++++ Provided information ++++

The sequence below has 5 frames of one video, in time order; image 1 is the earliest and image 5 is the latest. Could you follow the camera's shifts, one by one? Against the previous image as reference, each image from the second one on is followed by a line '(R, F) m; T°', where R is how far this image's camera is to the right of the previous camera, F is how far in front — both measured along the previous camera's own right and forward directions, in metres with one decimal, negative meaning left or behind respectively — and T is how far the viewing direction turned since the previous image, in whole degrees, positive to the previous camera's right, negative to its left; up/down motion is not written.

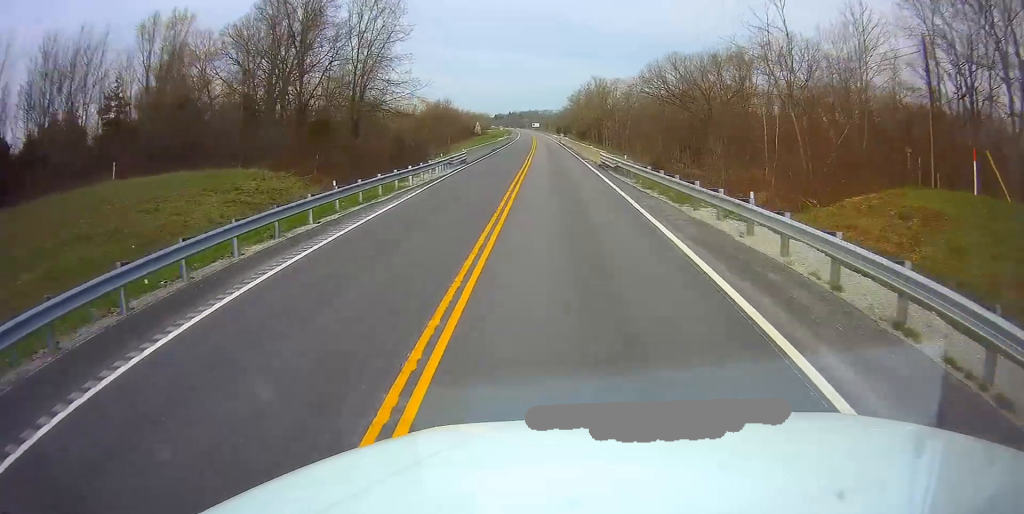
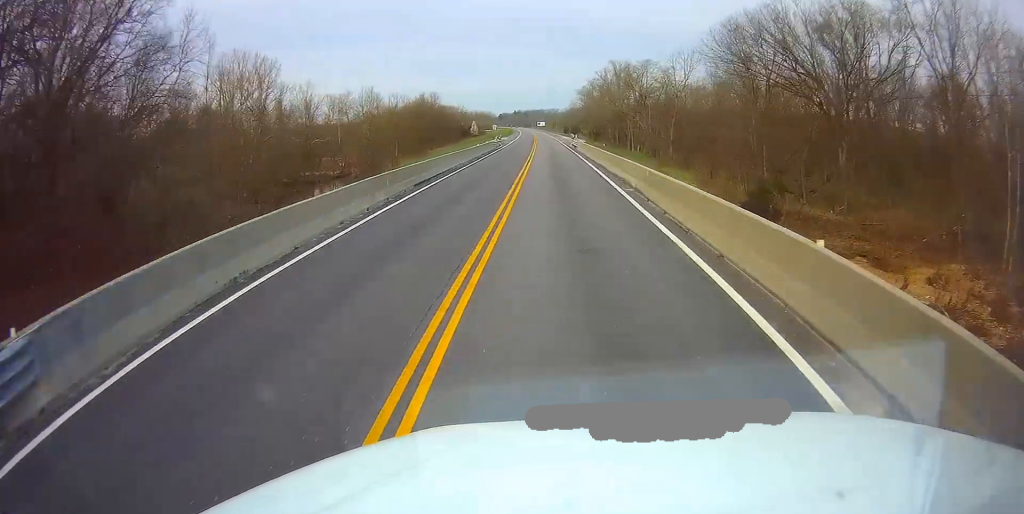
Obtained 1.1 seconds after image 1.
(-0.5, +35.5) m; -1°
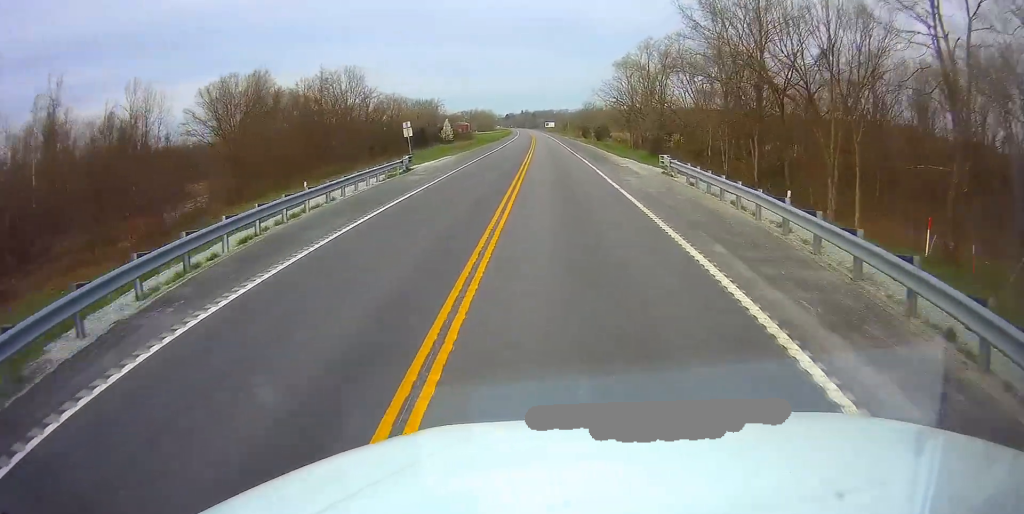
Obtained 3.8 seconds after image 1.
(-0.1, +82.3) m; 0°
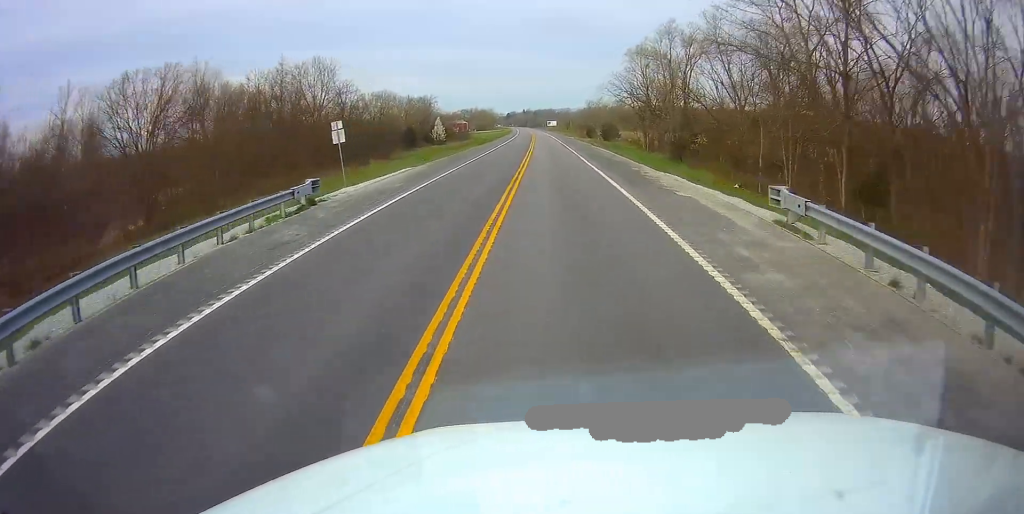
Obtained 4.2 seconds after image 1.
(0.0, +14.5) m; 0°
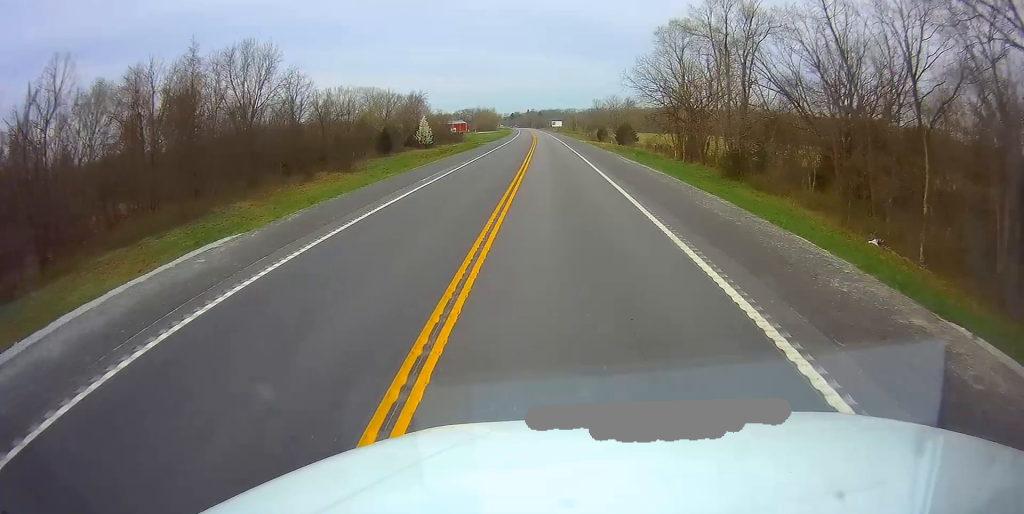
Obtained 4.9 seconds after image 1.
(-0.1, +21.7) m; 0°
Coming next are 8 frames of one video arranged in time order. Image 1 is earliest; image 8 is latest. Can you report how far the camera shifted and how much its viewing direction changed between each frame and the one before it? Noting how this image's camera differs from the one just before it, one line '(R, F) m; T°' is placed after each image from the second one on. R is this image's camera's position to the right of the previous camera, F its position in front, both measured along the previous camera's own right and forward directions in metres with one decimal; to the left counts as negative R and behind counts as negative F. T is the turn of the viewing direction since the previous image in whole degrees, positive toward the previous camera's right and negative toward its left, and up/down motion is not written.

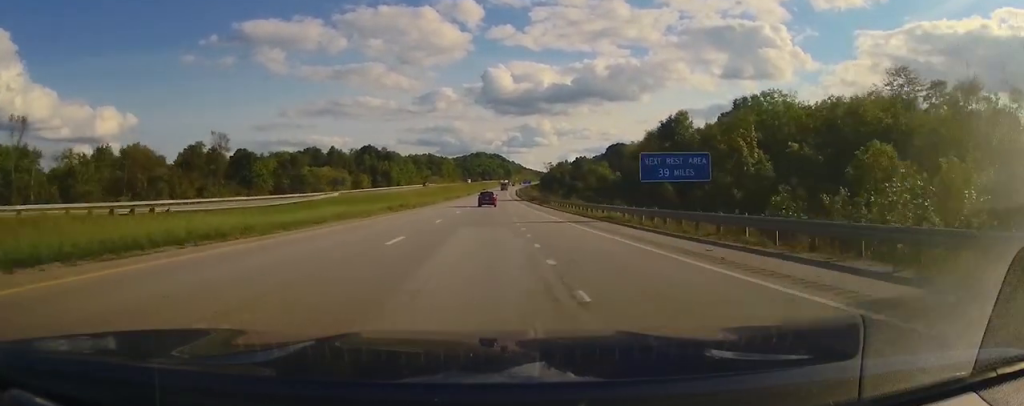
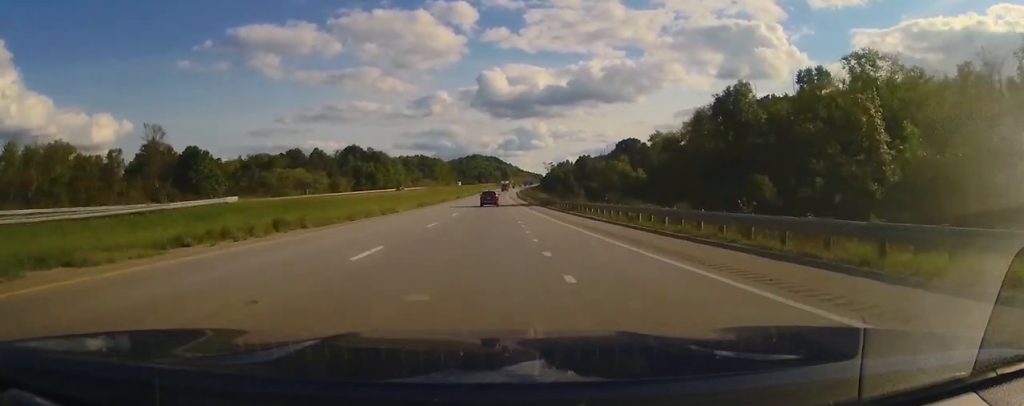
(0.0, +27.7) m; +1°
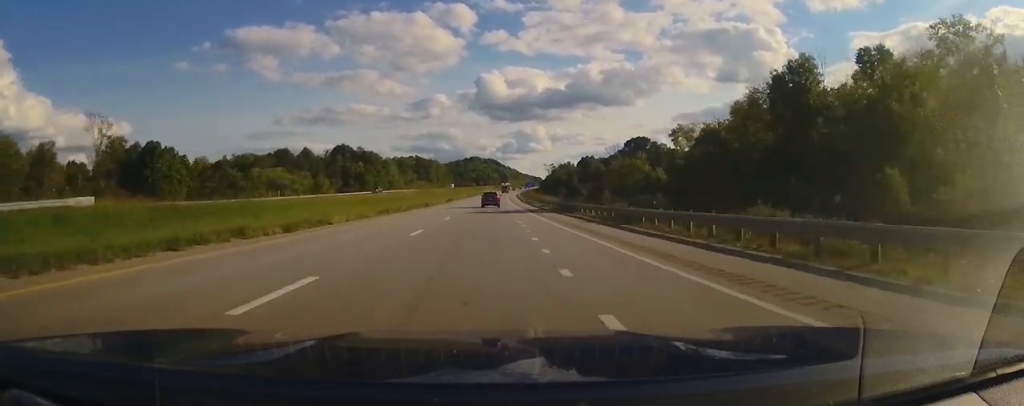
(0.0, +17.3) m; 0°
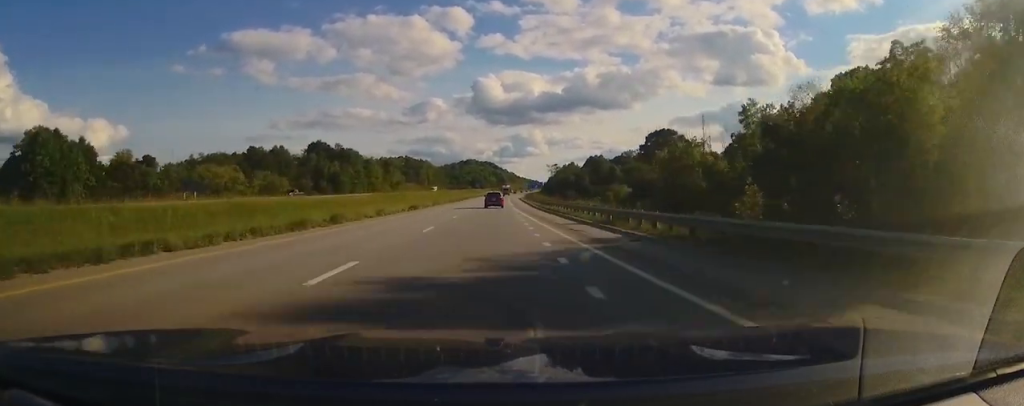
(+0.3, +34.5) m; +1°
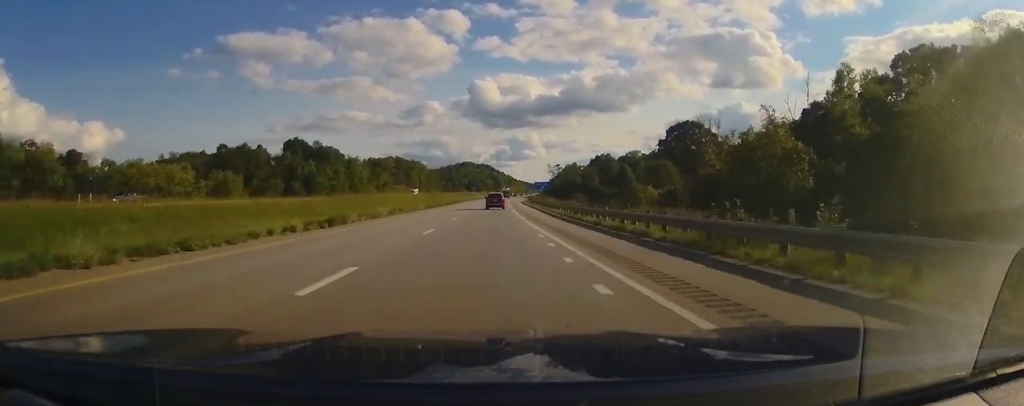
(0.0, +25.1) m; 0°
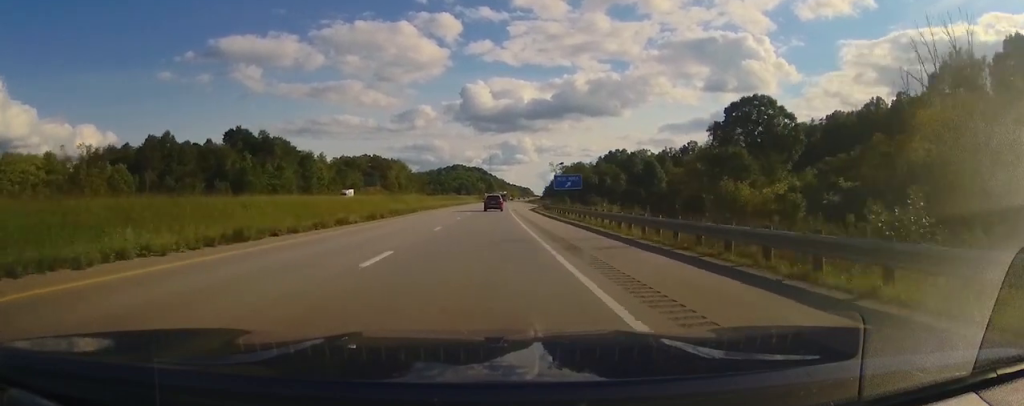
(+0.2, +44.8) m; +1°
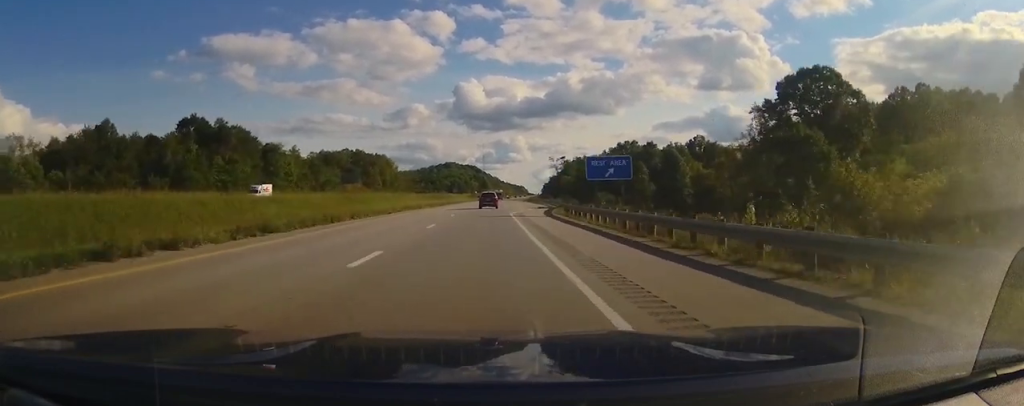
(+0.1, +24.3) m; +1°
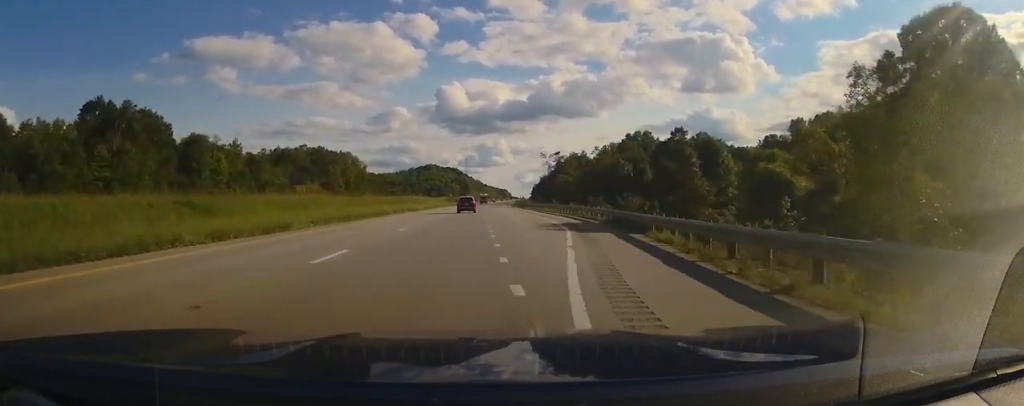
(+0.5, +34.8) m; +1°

++++

Problem to solve → Each record is to be restated word for word; no picture goes in.

Exercise response →
The sequence below has 5 frames of one video, in time order; image 1 is the earliest and image 5 is the latest. Could you follow the camera's shifts, one by one? Against the previous image as reference, each image from the second one on is followed by a line '(R, F) m; T°', where R is how far this image's camera is to the right of the previous camera, F is how far in front — both measured along the previous camera's own right and forward directions, in metres with one decimal, negative meaning left or behind respectively — and T is how far the viewing direction turned since the previous image, in whole degrees, positive to the previous camera's right, negative to its left; up/down motion is not written.

Obtained 1.1 seconds after image 1.
(-0.5, +35.5) m; -1°
Obtained 3.8 seconds after image 1.
(-0.1, +82.3) m; 0°
Obtained 4.2 seconds after image 1.
(0.0, +14.5) m; 0°
Obtained 4.9 seconds after image 1.
(-0.1, +21.7) m; 0°
Coming next are 8 frames of one video arranged in time order. Image 1 is earliest; image 8 is latest. Can you report how far the camera shifted and how much its viewing direction changed between each frame and the one before it? Noting how this image's camera differs from the one just before it, one line '(R, F) m; T°' is placed after each image from the second one on. R is this image's camera's position to the right of the previous camera, F its position in front, both measured along the previous camera's own right and forward directions in metres with one decimal; to the left counts as negative R and behind counts as negative F. T is the turn of the viewing direction since the previous image in whole degrees, positive toward the previous camera's right and negative toward its left, and up/down motion is not written.

(0.0, +27.7) m; +1°
(0.0, +17.3) m; 0°
(+0.3, +34.5) m; +1°
(0.0, +25.1) m; 0°
(+0.2, +44.8) m; +1°
(+0.1, +24.3) m; +1°
(+0.5, +34.8) m; +1°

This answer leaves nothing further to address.